As a recently married subsequent serial wedding attendee, I’m the ultimate authority on wedding gifts (fight me). So spoiler alert: You’re not a genius for geniusly thinking of the most genius wedding gift ever, genius. 

A few months ago, I got married to my partner of 10 years. It was the most amazing and fun few days I’ve ever had. Everything was perfect, until it was time to open our wedding gifts.  

It was all fun and games opening shagun envelopes. Even the cake plates and perfume kits were great. But soon, bam! We entered a wormhole of chandi ki katoris (silver bowls) we literally had no use for. 


To be fair, the first one got us pretty excited.  

Then there was another. Each of these useless abominations came in an unsightly velvet box and every time this velvet peaked out of the wrapping paper we just tore, our disappointment dropped faster than Delhi’s temperature in winter. 

When we were at the 16th katori, we genuinely started questioning if we were missing something. 

The idea of giving gifts is to think about the couple who’s going to host you for two days on average.  

The least you can do is actually gift them something they’d be happy to receive. At least something mildly thoughtful. When it comes to katoris, more thought was put into writing Race 3. 

If I’m in a forgiving mood, even a regular bowl somewhat makes sense. A bowl of lesser value can at least be used for chakna during drinking sessions; if it’s a serious misfit it can even happily don the role of designated ashtray. 

Now, what do I even do with this silver bowl? Using it as an ashtray would be like using an iPad as a fly-swatter. Putting bhujia in it would be like using an iPhone as a coaster. And just keeping it as a centrepiece would be like putting a MI phone cover on an iPhone. 

21 katoris down. This has now become a serious issue. What have people been smoking to think this would be an appropriate gift? 

Isse achha ‘my presence is a gift’ bol ke katt lete. 

On the 23rd and last katori amidst the occasional surprise of dinner sets and mixer-grinders, we finally decided we’re done thinking about this. We came to the conclusion that we’d just re-pack and stuff it in the attic and regift it to whichever wedding we decide to go last minute. 

Then it hit us! 

These poor souls were not at fault. They were just trying to get rid of something they themselves desperately wanted to discard. And the best way to do it was… you guessed it. Regifting! 

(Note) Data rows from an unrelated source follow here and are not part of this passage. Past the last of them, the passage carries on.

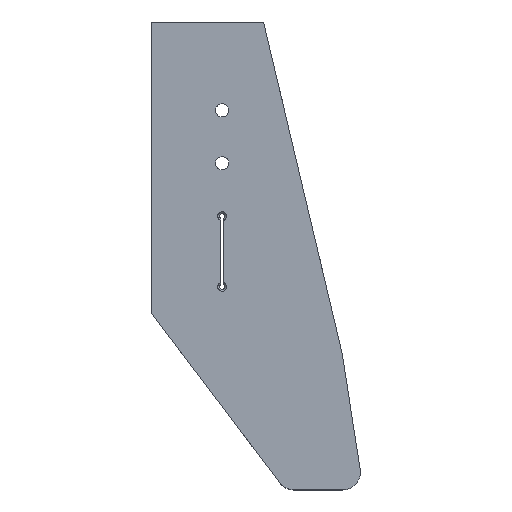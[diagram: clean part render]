
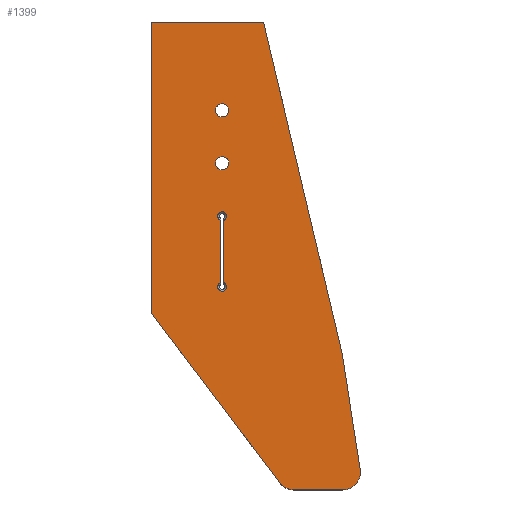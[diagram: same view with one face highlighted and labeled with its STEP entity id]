
A CAD part, top view. The second image highlights one B-rep face of the part: STEP entity #1399.
In plain terms, the highlighted planar face has unit normal (0, 0, 1).
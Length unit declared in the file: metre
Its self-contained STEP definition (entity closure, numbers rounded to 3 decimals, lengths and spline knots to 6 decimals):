
#24=LINE('',#2137,#119);
#25=LINE('',#2140,#120);
#26=LINE('',#2142,#121);
#27=LINE('',#2146,#122);
#28=LINE('',#2150,#123);
#29=LINE('',#2154,#124);
#30=LINE('',#2155,#125);
#31=LINE('',#2160,#126);
#119=VECTOR('',#1689,1.);
#120=VECTOR('',#1690,1.);
#121=VECTOR('',#1691,1.);
#122=VECTOR('',#1694,1.);
#123=VECTOR('',#1697,1.);
#124=VECTOR('',#1700,1.);
#125=VECTOR('',#1701,1.);
#126=VECTOR('',#1704,1.);
#214=PLANE('',#1501);
#257=ORIENTED_EDGE('',*,*,#639,.F.);
#258=ORIENTED_EDGE('',*,*,#640,.F.);
#259=ORIENTED_EDGE('',*,*,#641,.T.);
#260=ORIENTED_EDGE('',*,*,#642,.T.);
#261=ORIENTED_EDGE('',*,*,#643,.T.);
#262=ORIENTED_EDGE('',*,*,#644,.F.);
#263=ORIENTED_EDGE('',*,*,#645,.T.);
#264=ORIENTED_EDGE('',*,*,#646,.F.);
#265=ORIENTED_EDGE('',*,*,#647,.T.);
#266=ORIENTED_EDGE('',*,*,#648,.F.);
#267=ORIENTED_EDGE('',*,*,#649,.T.);
#268=ORIENTED_EDGE('',*,*,#650,.T.);
#269=ORIENTED_EDGE('',*,*,#651,.T.);
#270=ORIENTED_EDGE('',*,*,#652,.F.);
#271=ORIENTED_EDGE('',*,*,#653,.T.);
#639=EDGE_CURVE('',#830,#830,#972,.T.);
#640=EDGE_CURVE('',#831,#831,#973,.T.);
#641=EDGE_CURVE('',#832,#833,#24,.T.);
#642=EDGE_CURVE('',#833,#834,#25,.T.);
#643=EDGE_CURVE('',#834,#835,#26,.T.);
#644=EDGE_CURVE('',#836,#835,#974,.T.);
#645=EDGE_CURVE('',#836,#837,#27,.T.);
#646=EDGE_CURVE('',#838,#837,#975,.T.);
#647=EDGE_CURVE('',#838,#839,#28,.T.);
#648=EDGE_CURVE('',#840,#839,#976,.T.);
#649=EDGE_CURVE('',#840,#832,#29,.T.);
#650=EDGE_CURVE('',#841,#842,#30,.T.);
#651=EDGE_CURVE('',#842,#843,#977,.F.);
#652=EDGE_CURVE('',#844,#843,#31,.T.);
#653=EDGE_CURVE('',#844,#841,#978,.F.);
#830=VERTEX_POINT('',#2134);
#831=VERTEX_POINT('',#2136);
#832=VERTEX_POINT('',#2138);
#833=VERTEX_POINT('',#2139);
#834=VERTEX_POINT('',#2141);
#835=VERTEX_POINT('',#2143);
#836=VERTEX_POINT('',#2145);
#837=VERTEX_POINT('',#2147);
#838=VERTEX_POINT('',#2149);
#839=VERTEX_POINT('',#2151);
#840=VERTEX_POINT('',#2153);
#841=VERTEX_POINT('',#2156);
#842=VERTEX_POINT('',#2157);
#843=VERTEX_POINT('',#2159);
#844=VERTEX_POINT('',#2161);
#972=CIRCLE('',#1502,0.00375);
#973=CIRCLE('',#1503,0.00375);
#974=CIRCLE('',#1504,0.01);
#975=CIRCLE('',#1505,0.01);
#976=CIRCLE('',#1506,0.01);
#977=CIRCLE('',#1507,0.0025);
#978=CIRCLE('',#1508,0.0025);
#1058=EDGE_LOOP('',(#257));
#1059=EDGE_LOOP('',(#258));
#1060=EDGE_LOOP('',(#259,#260,#261,#262,#263,#264,#265,#266,#267));
#1061=EDGE_LOOP('',(#268,#269,#270,#271));
#1207=FACE_BOUND('',#1058,.T.);
#1208=FACE_BOUND('',#1059,.T.);
#1209=FACE_BOUND('',#1060,.T.);
#1210=FACE_BOUND('',#1061,.T.);
#1399=ADVANCED_FACE('',(#1207,#1208,#1209,#1210),#214,.T.);
#1501=AXIS2_PLACEMENT_3D('',#2132,#1683,#1684);
#1502=AXIS2_PLACEMENT_3D('',#2133,#1685,#1686);
#1503=AXIS2_PLACEMENT_3D('',#2135,#1687,#1688);
#1504=AXIS2_PLACEMENT_3D('',#2144,#1692,#1693);
#1505=AXIS2_PLACEMENT_3D('',#2148,#1695,#1696);
#1506=AXIS2_PLACEMENT_3D('',#2152,#1698,#1699);
#1507=AXIS2_PLACEMENT_3D('',#2158,#1702,#1703);
#1508=AXIS2_PLACEMENT_3D('',#2162,#1705,#1706);
#1683=DIRECTION('',(0.,0.,1.));
#1684=DIRECTION('',(-1.,0.,0.));
#1685=DIRECTION('',(0.,0.,1.));
#1686=DIRECTION('',(1.,0.,0.));
#1687=DIRECTION('',(0.,0.,1.));
#1688=DIRECTION('',(1.,0.,0.));
#1689=DIRECTION('',(-1.,0.,0.));
#1690=DIRECTION('',(0.,-1.,0.));
#1691=DIRECTION('',(0.603,-0.798,0.));
#1692=DIRECTION('',(0.,0.,-1.));
#1693=DIRECTION('',(-1.,0.,0.));
#1694=DIRECTION('',(1.,0.,0.));
#1695=DIRECTION('',(0.,0.,-1.));
#1696=DIRECTION('',(-1.,0.,0.));
#1697=DIRECTION('',(-0.154,0.988,0.));
#1698=DIRECTION('',(0.,0.,-1.));
#1699=DIRECTION('',(-1.,0.,0.));
#1700=DIRECTION('',(-0.231,0.973,0.));
#1701=DIRECTION('',(0.,-1.,0.));
#1702=DIRECTION('',(0.,0.,1.));
#1703=DIRECTION('',(1.,0.,0.));
#1704=DIRECTION('',(0.,-1.,0.));
#1705=DIRECTION('',(0.,0.,1.));
#1706=DIRECTION('',(1.,0.,0.));
#2132=CARTESIAN_POINT('',(0.39,-1.31,0.055));
#2133=CARTESIAN_POINT('',(0.49,-1.3475,0.055));
#2134=CARTESIAN_POINT('',(0.49375,-1.3475,0.055));
#2135=CARTESIAN_POINT('',(0.49,-1.3775,0.055));
#2136=CARTESIAN_POINT('',(0.49375,-1.3775,0.055));
#2137=CARTESIAN_POINT('',(0.481727,-1.2975,0.055));
#2138=CARTESIAN_POINT('',(0.513454,-1.2975,0.055));
#2139=CARTESIAN_POINT('',(0.45,-1.2975,0.055));
#2140=CARTESIAN_POINT('',(0.45,-1.382498,0.055));
#2141=CARTESIAN_POINT('',(0.45,-1.4625,0.055));
#2142=CARTESIAN_POINT('',(0.487768,-1.5125,0.055));
#2143=CARTESIAN_POINT('',(0.522535,-1.558527,0.055));
#2144=CARTESIAN_POINT('',(0.530514,-1.5525,0.055));
#2145=CARTESIAN_POINT('',(0.530514,-1.5625,0.055));
#2146=CARTESIAN_POINT('',(0.547768,-1.5625,0.055));
#2147=CARTESIAN_POINT('',(0.558315,-1.5625,0.055));
#2148=CARTESIAN_POINT('',(0.558315,-1.5525,0.055));
#2149=CARTESIAN_POINT('',(0.568195,-1.550955,0.055));
#2150=CARTESIAN_POINT('',(0.563895,-1.523453,0.055));
#2151=CARTESIAN_POINT('',(0.557851,-1.48479,0.055));
#2152=CARTESIAN_POINT('',(0.547971,-1.486335,0.055));
#2153=CARTESIAN_POINT('',(0.557701,-1.484027,0.055));
#2154=CARTESIAN_POINT('',(0.535622,-1.390953,0.055));
#2155=CARTESIAN_POINT('',(0.49075,-1.4275,0.055));
#2156=CARTESIAN_POINT('',(0.49075,-1.409885,0.055));
#2157=CARTESIAN_POINT('',(0.49075,-1.445115,0.055));
#2158=CARTESIAN_POINT('',(0.49,-1.4475,0.055));
#2159=CARTESIAN_POINT('',(0.48925,-1.445115,0.055));
#2160=CARTESIAN_POINT('',(0.48925,-1.4275,0.055));
#2161=CARTESIAN_POINT('',(0.48925,-1.409885,0.055));
#2162=CARTESIAN_POINT('',(0.49,-1.4075,0.055));

While we’re not so forgiving about the zero thought put into our gift, we could actually empathise with the desperation of kicking out this poster-child of regifting.  

However, this needs to stop. These menacing katoris need to get out of circulation completely. And the only way to do it is to stop giving them as gifts altogether, at least to people whom you don’t hate. 

Put some real thought, FFS. Nahi toh cash hi de do, yaar.  

If you want an actual gift guide, watch this space, there’ll surely be one soon. From experience. After we’re done palming off all these useless AF things completely.